Assigned task » Output, exactly as written, the lines of the data below from the one containing "key: ORDER_SAVINGS" to the end.

(Stored items from a collection)
——

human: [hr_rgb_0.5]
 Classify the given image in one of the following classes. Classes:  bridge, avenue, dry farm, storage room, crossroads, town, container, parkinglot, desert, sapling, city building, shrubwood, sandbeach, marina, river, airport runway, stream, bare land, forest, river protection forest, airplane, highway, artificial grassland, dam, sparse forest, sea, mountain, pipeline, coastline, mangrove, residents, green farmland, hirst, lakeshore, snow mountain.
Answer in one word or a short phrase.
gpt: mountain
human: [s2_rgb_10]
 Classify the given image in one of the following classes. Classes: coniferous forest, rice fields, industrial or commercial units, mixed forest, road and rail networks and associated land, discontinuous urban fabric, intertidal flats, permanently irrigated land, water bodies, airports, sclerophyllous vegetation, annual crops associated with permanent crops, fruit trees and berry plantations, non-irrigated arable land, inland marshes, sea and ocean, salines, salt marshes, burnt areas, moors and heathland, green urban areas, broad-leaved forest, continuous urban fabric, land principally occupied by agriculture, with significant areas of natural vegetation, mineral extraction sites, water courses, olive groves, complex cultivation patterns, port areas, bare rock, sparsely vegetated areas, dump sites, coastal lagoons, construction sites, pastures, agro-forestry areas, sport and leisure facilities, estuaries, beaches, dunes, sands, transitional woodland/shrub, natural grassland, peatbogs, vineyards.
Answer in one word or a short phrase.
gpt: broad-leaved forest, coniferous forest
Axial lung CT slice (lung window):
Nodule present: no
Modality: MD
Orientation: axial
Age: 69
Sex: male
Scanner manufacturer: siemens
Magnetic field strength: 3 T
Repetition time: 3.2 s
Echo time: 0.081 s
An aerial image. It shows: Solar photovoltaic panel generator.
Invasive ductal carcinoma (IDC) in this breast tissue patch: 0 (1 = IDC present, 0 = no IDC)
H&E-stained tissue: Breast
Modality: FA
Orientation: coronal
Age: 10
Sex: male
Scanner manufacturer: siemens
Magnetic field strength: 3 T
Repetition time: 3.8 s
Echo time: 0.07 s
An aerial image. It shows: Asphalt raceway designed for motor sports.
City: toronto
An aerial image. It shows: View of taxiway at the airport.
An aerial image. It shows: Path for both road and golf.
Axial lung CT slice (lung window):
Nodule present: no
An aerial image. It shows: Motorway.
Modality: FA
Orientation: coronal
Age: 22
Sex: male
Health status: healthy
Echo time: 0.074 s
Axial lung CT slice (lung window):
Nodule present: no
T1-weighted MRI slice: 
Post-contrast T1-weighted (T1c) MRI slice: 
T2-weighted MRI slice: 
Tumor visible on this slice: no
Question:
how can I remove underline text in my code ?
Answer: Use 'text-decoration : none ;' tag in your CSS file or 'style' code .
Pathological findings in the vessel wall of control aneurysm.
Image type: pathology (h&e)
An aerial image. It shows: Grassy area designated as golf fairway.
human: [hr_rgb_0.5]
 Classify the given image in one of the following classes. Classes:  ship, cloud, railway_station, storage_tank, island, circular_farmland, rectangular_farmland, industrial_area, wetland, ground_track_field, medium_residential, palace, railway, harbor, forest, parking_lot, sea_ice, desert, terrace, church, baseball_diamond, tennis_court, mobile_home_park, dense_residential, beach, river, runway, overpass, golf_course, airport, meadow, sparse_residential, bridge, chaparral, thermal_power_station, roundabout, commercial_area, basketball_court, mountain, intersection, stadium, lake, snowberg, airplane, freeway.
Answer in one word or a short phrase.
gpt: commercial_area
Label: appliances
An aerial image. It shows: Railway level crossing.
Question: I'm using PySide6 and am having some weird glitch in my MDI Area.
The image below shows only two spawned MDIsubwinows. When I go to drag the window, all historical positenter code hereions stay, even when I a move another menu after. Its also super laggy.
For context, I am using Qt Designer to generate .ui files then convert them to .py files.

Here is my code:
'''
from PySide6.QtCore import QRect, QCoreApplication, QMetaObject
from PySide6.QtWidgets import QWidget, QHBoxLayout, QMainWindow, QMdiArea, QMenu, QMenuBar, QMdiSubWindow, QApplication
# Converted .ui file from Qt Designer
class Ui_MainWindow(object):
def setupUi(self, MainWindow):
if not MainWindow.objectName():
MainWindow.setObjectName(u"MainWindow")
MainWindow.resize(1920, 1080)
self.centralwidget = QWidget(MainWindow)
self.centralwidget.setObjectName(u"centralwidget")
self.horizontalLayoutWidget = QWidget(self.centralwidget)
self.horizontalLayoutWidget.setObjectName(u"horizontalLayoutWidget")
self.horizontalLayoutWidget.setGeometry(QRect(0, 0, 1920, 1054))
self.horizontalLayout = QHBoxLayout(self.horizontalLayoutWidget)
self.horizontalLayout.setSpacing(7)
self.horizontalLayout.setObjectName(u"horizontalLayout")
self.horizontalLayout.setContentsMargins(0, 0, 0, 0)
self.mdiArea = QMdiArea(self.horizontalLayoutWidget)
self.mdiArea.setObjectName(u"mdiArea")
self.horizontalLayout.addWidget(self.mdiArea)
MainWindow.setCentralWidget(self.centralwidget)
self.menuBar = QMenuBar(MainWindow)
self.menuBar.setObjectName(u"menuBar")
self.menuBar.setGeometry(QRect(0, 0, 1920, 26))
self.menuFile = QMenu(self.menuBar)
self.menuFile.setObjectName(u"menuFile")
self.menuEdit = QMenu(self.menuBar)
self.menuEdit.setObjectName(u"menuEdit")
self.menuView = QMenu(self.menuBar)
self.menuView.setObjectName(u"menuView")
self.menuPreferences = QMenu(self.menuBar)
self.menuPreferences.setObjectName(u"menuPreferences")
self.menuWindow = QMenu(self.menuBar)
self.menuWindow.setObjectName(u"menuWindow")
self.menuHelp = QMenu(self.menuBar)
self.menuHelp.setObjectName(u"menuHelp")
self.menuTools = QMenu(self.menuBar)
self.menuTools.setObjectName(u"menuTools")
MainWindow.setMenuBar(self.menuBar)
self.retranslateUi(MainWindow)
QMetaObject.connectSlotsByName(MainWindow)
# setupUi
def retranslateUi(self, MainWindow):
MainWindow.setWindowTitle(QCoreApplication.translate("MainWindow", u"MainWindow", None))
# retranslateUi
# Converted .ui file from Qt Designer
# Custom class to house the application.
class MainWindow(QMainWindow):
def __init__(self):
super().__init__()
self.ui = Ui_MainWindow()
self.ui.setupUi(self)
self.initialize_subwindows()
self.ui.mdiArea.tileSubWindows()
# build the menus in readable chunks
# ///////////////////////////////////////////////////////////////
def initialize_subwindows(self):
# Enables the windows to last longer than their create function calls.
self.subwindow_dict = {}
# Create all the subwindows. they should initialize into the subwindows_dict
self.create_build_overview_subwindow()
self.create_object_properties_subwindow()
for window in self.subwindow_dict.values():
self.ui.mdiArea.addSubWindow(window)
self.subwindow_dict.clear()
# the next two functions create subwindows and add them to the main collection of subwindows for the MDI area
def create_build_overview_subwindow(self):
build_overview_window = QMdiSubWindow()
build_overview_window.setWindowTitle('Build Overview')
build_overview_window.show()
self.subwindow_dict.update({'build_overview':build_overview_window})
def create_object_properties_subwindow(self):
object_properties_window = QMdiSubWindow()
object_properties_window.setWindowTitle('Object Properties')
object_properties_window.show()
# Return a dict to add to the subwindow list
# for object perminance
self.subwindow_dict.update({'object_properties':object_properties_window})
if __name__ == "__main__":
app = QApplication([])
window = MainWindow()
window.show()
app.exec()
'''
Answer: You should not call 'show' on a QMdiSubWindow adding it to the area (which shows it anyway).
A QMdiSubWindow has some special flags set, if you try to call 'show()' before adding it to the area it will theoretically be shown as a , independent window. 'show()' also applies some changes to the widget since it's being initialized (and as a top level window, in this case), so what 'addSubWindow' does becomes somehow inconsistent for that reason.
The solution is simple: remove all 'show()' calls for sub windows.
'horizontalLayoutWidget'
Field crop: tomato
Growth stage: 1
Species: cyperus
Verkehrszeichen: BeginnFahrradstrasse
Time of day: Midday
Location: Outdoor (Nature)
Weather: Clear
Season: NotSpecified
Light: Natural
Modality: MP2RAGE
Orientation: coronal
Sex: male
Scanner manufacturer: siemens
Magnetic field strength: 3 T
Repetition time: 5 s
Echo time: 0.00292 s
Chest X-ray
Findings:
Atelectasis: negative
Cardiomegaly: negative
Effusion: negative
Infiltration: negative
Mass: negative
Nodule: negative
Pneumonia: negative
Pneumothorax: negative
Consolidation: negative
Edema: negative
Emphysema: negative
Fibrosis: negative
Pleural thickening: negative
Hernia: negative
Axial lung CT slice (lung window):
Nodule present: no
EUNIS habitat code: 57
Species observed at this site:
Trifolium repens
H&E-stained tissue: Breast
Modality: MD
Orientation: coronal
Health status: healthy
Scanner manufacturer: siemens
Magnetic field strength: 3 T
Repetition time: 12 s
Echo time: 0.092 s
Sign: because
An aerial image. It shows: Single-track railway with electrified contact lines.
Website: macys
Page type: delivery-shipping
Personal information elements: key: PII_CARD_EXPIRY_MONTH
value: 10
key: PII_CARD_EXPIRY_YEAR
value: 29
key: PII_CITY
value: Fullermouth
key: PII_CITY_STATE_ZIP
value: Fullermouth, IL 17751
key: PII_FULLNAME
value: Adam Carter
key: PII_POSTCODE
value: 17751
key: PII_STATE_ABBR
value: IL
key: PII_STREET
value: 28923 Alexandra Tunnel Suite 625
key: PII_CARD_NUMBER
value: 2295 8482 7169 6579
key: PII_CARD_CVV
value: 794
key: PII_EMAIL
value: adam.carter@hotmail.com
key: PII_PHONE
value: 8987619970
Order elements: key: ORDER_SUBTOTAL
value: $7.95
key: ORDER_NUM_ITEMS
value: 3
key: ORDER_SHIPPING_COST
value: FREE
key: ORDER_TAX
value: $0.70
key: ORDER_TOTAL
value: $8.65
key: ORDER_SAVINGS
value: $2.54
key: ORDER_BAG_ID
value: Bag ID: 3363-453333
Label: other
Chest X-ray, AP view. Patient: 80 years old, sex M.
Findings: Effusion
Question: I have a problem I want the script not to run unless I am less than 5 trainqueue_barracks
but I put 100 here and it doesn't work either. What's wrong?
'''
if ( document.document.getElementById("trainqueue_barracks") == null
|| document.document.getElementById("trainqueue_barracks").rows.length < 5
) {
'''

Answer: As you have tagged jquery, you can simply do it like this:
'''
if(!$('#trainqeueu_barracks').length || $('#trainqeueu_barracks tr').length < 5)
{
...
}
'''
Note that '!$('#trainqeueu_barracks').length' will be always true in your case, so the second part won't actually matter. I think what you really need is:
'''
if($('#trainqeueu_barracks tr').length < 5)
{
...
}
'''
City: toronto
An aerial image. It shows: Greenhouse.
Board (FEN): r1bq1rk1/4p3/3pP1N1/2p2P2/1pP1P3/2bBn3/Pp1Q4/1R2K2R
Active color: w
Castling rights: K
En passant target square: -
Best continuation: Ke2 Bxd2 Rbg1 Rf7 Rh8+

——

Expected output »
key: ORDER_SAVINGS
value: $2.54
key: ORDER_BAG_ID
value: Bag ID: 3363-453333
Label: other
Chest X-ray, AP view. Patient: 80 years old, sex M.
Findings: Effusion
Question: I have a problem I want the script not to run unless I am less than 5 trainqueue_barracks
but I put 100 here and it doesn't work either. What's wrong?
'''
if ( document.document.getElementById("trainqueue_barracks") == null
|| document.document.getElementById("trainqueue_barracks").rows.length < 5
) {
'''

Answer: As you have tagged jquery, you can simply do it like this:
'''
if(!$('#trainqeueu_barracks').length || $('#trainqeueu_barracks tr').length < 5)
{
...
}
'''
Note that '!$('#trainqeueu_barracks').length' will be always true in your case, so the second part won't actually matter. I think what you really need is:
'''
if($('#trainqeueu_barracks tr').length < 5)
{
...
}
'''
City: toronto
An aerial image. It shows: Greenhouse.
Board (FEN): r1bq1rk1/4p3/3pP1N1/2p2P2/1pP1P3/2bBn3/Pp1Q4/1R2K2R
Active color: w
Castling rights: K
En passant target square: -
Best continuation: Ke2 Bxd2 Rbg1 Rf7 Rh8+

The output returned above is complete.